Alcohol abuse is confused with alcoholism in the sense that they both entail alcohol dependence. Alcohol abuse is different because it is projected as a pattern of alcohol consumption that can and will result in failure to fulfill major responsibilities at work, home and school. Alcohol abuse can also result in a person driving a car or operating heavy machinery while intoxicated. Alcohol abusers continue drinking, disregarding their past infractions.
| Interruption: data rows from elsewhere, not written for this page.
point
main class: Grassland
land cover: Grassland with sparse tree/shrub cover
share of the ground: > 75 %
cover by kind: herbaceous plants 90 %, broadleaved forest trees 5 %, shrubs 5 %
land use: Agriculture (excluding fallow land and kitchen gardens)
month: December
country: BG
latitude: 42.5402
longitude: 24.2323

Heavy drinking effects each person differently, and reportedly, gender plays a part. For a man to be considered a binge drinker, he must consume five alcoholic beverages within two hours. For a woman, it is four drinks over the course of two hours. This approximation may vary due to the persons’ weight and height. A “drink” is classified as a twelve-ounce beer, a standard shot of hard alcohol, such as tequila or vodka, or a six-ounce glass of wine.
College students across America are consuming even higher levels of alcohol more than once per week. Robert Zucker, Ph.D., head of the U-M Health System’s Addiction Research Center, said, “Among full-time college students, about 45 percent binge on alcohol occasionally or often, compared with 25 percent of the general public.”
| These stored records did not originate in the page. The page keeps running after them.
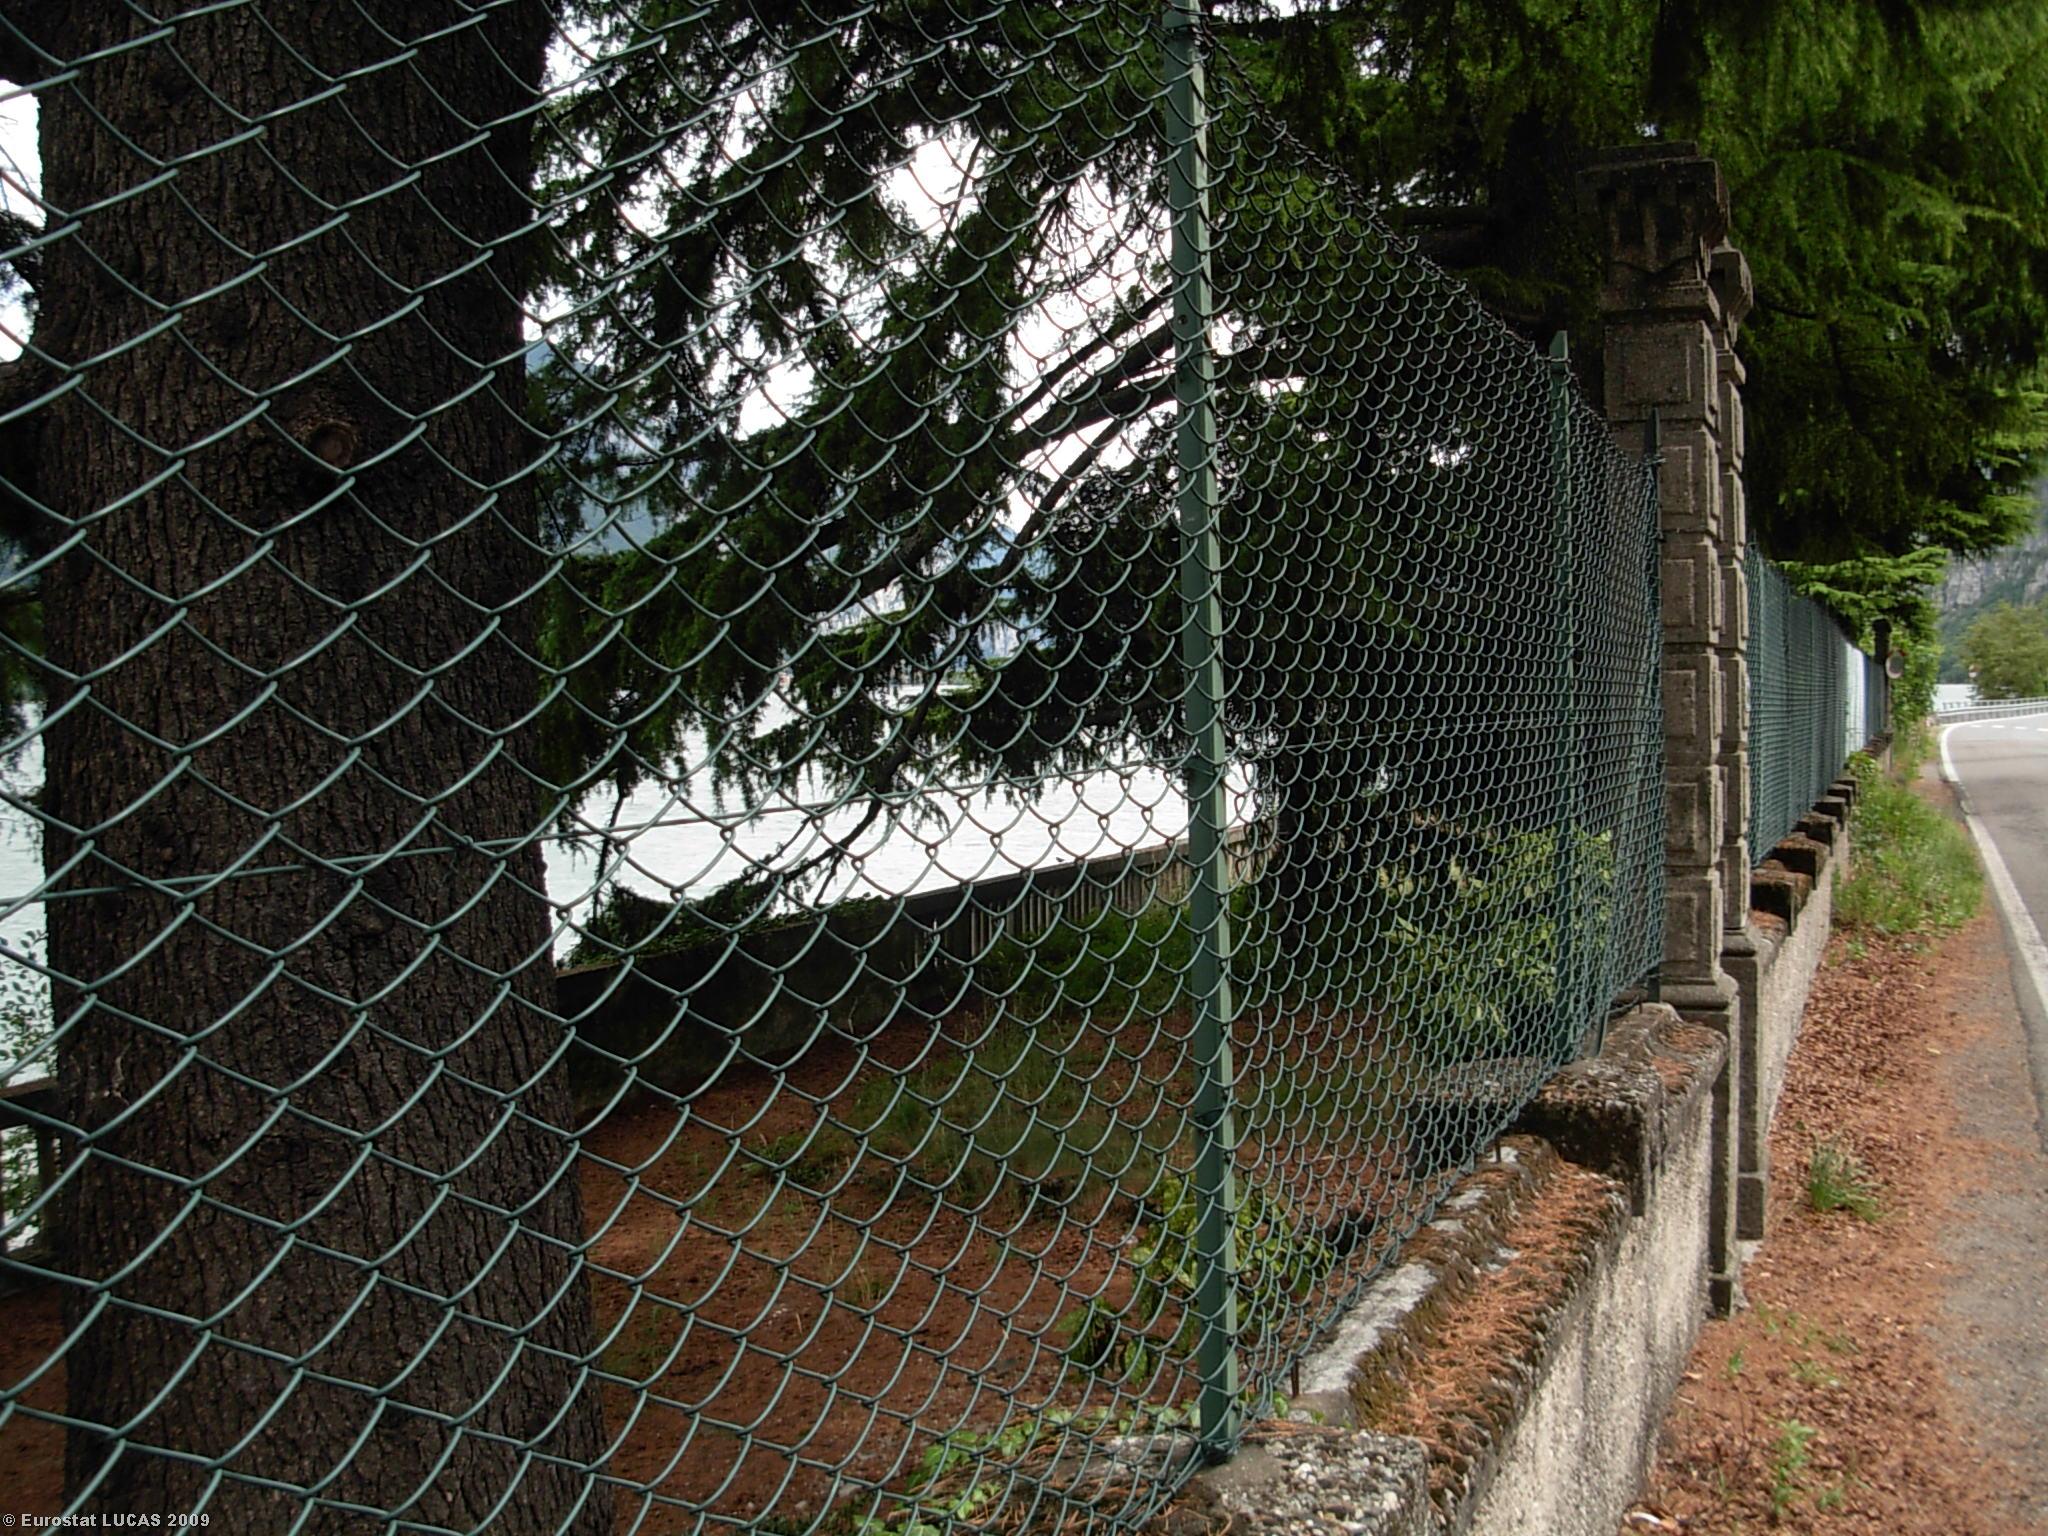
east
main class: Woodland
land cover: Coniferous woodland
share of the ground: > 75 %
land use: Holiday camps
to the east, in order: Coniferous woodland; Grassland with sparse tree/shrub cover; Fences; Bare land; Inland water bodies
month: June
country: IT
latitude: 45.9165
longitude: 9.2920

These statistics are proving to be true according to the alcohol-related incidents reported across the nation. Including vehicle crashes, approximately 1,400 college students ranging between the ages of 18 and 24, die each year because of incidents involving alcohol. This is also not including the 500,000 who become injured, 600,000 who are assaulted, or the 70,000 who claimed to have been sexually assaulted while in a situation involving alcohol, which lead to the contraction of sexually transmitted diseases.
Thirty-one percent of college students have such a serious alcohol abuse problem that it barely falls short of addiction and dependence. According to Anthony Alexander, a student, “There are a lot of students who are addicted to alcohol. College students need to at least cut down on their drinking if they don’t want it to catch up with them physically in the future.”